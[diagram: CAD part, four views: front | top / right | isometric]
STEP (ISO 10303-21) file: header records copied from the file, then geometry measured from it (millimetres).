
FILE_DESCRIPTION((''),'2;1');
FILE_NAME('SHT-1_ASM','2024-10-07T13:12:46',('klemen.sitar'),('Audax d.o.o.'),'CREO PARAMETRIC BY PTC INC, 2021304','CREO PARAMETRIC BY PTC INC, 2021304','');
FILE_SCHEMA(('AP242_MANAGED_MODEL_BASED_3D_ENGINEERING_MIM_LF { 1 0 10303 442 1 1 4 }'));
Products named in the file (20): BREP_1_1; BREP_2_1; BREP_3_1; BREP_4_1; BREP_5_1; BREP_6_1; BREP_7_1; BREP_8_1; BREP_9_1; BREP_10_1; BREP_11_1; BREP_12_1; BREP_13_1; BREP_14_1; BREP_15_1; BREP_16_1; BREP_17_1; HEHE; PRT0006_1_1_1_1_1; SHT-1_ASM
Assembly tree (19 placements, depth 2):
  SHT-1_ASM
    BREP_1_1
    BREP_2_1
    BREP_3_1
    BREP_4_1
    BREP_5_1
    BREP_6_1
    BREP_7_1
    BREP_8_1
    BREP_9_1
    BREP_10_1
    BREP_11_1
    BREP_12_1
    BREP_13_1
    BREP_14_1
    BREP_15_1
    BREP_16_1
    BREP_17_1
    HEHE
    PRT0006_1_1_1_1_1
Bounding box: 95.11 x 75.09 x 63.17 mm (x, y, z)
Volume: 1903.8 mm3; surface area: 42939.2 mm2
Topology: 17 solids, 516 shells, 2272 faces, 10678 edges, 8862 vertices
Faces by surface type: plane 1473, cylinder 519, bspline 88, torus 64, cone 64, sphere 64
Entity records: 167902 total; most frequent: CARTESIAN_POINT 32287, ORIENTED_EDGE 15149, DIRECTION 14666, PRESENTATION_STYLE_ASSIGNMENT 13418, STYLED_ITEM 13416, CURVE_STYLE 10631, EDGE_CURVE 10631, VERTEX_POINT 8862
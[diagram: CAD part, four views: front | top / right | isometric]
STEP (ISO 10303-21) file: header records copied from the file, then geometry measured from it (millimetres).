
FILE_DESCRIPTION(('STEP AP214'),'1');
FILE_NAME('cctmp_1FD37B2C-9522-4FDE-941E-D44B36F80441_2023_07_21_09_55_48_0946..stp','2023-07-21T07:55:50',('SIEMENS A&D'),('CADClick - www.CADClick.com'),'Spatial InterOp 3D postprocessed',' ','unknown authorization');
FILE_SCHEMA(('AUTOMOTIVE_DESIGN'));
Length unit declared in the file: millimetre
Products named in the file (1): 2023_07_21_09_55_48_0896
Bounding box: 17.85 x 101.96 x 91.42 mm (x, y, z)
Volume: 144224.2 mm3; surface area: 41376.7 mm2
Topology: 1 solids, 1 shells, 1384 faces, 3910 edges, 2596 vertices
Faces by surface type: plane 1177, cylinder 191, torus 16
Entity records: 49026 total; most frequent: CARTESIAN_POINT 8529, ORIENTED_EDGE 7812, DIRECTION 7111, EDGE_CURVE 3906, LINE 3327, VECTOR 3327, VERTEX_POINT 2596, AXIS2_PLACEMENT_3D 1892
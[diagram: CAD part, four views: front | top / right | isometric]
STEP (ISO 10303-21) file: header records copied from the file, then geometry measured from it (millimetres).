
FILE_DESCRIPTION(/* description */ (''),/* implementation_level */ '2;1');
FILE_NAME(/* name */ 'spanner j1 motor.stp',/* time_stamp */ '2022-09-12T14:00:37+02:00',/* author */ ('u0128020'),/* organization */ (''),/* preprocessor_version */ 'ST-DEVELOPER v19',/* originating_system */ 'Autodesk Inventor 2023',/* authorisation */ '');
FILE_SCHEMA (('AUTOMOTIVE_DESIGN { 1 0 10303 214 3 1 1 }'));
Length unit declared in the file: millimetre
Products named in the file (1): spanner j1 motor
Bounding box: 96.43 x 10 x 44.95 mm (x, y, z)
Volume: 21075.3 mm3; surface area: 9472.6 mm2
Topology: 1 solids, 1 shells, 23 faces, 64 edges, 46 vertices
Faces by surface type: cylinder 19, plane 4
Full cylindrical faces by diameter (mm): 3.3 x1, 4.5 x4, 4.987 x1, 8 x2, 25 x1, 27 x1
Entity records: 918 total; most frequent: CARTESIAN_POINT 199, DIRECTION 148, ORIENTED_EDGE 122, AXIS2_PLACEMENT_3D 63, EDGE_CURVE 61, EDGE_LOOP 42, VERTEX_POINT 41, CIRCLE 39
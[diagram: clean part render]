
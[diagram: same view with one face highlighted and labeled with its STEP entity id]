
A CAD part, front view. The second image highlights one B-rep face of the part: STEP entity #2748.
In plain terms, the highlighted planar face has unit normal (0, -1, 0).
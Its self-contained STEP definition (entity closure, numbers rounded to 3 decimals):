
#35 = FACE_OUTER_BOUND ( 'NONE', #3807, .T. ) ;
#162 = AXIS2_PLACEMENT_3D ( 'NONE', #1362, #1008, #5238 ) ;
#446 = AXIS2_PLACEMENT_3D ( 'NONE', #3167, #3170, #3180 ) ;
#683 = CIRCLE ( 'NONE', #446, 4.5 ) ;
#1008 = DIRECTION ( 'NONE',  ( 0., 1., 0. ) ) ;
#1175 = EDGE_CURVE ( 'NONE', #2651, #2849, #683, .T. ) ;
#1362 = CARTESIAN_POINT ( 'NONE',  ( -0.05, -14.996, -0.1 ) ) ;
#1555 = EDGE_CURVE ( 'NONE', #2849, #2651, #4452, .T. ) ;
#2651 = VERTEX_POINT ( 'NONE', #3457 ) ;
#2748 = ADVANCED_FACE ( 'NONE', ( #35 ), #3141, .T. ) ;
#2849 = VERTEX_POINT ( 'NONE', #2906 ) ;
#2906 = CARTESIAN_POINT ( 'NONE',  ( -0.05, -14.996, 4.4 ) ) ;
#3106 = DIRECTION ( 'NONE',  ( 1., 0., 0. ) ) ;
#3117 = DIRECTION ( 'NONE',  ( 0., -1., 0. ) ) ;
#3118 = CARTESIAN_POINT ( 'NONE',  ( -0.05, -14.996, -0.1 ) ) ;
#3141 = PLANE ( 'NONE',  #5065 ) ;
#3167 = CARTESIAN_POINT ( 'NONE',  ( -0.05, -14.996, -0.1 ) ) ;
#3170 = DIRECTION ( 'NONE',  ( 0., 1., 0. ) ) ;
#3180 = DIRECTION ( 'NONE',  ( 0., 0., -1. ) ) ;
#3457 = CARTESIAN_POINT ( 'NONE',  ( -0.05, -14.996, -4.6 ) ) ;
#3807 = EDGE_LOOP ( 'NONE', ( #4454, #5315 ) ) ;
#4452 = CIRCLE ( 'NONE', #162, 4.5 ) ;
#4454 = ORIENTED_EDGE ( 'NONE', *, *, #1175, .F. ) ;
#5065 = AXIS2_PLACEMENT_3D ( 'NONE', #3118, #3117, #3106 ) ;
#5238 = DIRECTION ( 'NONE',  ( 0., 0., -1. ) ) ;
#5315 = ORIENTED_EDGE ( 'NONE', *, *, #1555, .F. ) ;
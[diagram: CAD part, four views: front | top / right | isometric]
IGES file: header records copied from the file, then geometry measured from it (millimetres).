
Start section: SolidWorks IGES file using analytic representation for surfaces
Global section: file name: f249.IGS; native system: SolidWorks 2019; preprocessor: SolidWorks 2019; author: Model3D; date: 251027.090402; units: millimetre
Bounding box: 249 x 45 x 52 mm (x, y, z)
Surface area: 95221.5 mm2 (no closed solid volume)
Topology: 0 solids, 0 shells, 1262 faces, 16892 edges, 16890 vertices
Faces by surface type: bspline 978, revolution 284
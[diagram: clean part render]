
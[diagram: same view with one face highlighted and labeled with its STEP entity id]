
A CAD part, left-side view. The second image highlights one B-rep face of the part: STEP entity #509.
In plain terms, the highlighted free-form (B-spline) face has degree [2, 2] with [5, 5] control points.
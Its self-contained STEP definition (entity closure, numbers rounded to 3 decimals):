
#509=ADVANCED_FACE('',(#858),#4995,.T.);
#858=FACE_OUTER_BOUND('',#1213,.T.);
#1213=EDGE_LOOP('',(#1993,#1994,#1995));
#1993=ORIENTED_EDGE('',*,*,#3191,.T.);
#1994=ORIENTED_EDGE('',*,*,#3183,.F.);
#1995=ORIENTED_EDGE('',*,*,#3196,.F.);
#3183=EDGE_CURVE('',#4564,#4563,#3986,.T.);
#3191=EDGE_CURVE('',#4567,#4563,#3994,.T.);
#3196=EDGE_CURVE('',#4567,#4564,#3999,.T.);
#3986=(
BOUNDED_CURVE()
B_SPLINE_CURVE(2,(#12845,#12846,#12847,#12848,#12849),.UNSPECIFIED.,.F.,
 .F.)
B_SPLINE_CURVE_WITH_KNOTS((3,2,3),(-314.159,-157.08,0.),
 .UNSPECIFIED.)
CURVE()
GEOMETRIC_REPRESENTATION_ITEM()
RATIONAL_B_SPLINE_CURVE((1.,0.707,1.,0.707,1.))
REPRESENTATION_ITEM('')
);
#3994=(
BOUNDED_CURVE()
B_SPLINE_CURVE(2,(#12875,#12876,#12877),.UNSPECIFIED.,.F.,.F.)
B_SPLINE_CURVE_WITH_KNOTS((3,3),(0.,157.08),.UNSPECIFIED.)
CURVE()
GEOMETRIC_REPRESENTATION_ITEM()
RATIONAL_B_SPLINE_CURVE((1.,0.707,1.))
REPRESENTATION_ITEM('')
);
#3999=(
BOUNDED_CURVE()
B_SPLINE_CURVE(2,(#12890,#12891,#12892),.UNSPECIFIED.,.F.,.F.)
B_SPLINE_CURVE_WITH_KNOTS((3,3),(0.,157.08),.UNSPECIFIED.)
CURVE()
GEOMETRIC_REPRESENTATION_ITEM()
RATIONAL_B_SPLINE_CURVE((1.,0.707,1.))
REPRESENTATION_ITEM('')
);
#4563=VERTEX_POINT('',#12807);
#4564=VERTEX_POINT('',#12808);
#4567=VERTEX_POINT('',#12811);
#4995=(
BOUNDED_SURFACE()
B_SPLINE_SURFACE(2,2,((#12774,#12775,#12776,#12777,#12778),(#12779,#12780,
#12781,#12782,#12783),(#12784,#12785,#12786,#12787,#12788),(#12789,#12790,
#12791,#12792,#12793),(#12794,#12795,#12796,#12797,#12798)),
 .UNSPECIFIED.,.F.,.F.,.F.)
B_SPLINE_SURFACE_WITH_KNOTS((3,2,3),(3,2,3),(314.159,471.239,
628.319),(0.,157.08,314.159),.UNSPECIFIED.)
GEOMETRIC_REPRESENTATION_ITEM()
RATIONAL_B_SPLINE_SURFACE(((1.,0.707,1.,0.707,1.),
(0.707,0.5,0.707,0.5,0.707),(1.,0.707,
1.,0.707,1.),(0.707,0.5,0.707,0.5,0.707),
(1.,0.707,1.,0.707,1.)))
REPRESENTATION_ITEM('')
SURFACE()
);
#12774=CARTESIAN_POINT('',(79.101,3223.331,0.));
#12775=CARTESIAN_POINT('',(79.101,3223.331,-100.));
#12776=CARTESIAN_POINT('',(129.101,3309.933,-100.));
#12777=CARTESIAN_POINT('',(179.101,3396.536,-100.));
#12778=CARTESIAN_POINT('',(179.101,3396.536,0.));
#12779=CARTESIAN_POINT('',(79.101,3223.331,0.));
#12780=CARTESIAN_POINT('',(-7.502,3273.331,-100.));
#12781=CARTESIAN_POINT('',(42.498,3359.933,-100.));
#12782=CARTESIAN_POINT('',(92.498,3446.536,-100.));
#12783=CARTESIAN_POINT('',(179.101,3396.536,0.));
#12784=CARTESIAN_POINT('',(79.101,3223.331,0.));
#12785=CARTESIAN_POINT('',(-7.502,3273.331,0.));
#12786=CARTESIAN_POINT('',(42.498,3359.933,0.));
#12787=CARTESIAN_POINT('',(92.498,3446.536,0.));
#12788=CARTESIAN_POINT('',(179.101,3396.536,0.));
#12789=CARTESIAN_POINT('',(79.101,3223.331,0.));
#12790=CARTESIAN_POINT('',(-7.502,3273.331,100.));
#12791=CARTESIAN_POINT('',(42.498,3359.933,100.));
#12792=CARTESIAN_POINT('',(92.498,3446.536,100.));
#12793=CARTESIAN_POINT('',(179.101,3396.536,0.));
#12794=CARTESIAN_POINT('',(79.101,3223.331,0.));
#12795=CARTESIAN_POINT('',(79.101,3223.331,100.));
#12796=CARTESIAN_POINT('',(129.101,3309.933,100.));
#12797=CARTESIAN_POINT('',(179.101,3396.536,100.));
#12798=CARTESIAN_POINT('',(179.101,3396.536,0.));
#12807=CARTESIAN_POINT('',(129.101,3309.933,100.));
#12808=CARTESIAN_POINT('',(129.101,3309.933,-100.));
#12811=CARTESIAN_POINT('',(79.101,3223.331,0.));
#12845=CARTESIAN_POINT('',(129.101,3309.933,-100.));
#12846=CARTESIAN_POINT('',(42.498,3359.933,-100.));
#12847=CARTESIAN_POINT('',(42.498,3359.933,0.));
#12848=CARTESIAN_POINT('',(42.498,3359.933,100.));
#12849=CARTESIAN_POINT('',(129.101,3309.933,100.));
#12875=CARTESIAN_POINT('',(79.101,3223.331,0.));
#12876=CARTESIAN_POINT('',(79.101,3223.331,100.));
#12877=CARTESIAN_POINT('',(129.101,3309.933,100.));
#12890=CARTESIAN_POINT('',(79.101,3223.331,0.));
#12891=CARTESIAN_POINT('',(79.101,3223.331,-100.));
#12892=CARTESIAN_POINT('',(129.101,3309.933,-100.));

· · · ·

▶ ABOUT THIS EXERCISE: Restate the data verbatim through the "Volume: 1903.8 mm3; surface area: 42939.2 mm2" line.

▶ YOUR RESPONSE:
[diagram: CAD part, four views: front | top / right | isometric]
STEP (ISO 10303-21) file: header records copied from the file, then geometry measured from it (millimetres).
FILE_DESCRIPTION((''),'2;1');
FILE_NAME('SHT-1_ASM','2024-10-07T13:12:46',('klemen.sitar'),('Audax d.o.o.'),'CREO PARAMETRIC BY PTC INC, 2021304','CREO PARAMETRIC BY PTC INC, 2021304','');
FILE_SCHEMA(('AP242_MANAGED_MODEL_BASED_3D_ENGINEERING_MIM_LF { 1 0 10303 442 1 1 4 }'));
Products named in the file (20): BREP_1_1; BREP_2_1; BREP_3_1; BREP_4_1; BREP_5_1; BREP_6_1; BREP_7_1; BREP_8_1; BREP_9_1; BREP_10_1; BREP_11_1; BREP_12_1; BREP_13_1; BREP_14_1; BREP_15_1; BREP_16_1; BREP_17_1; HEHE; PRT0006_1_1_1_1_1; SHT-1_ASM
Assembly tree (19 placements, depth 2):
  SHT-1_ASM
    BREP_1_1
    BREP_2_1
    BREP_3_1
    BREP_4_1
    BREP_5_1
    BREP_6_1
    BREP_7_1
    BREP_8_1
    BREP_9_1
    BREP_10_1
    BREP_11_1
    BREP_12_1
    BREP_13_1
    BREP_14_1
    BREP_15_1
    BREP_16_1
    BREP_17_1
    HEHE
    PRT0006_1_1_1_1_1
Bounding box: 95.11 x 75.09 x 63.17 mm (x, y, z)
Volume: 1903.8 mm3; surface area: 42939.2 mm2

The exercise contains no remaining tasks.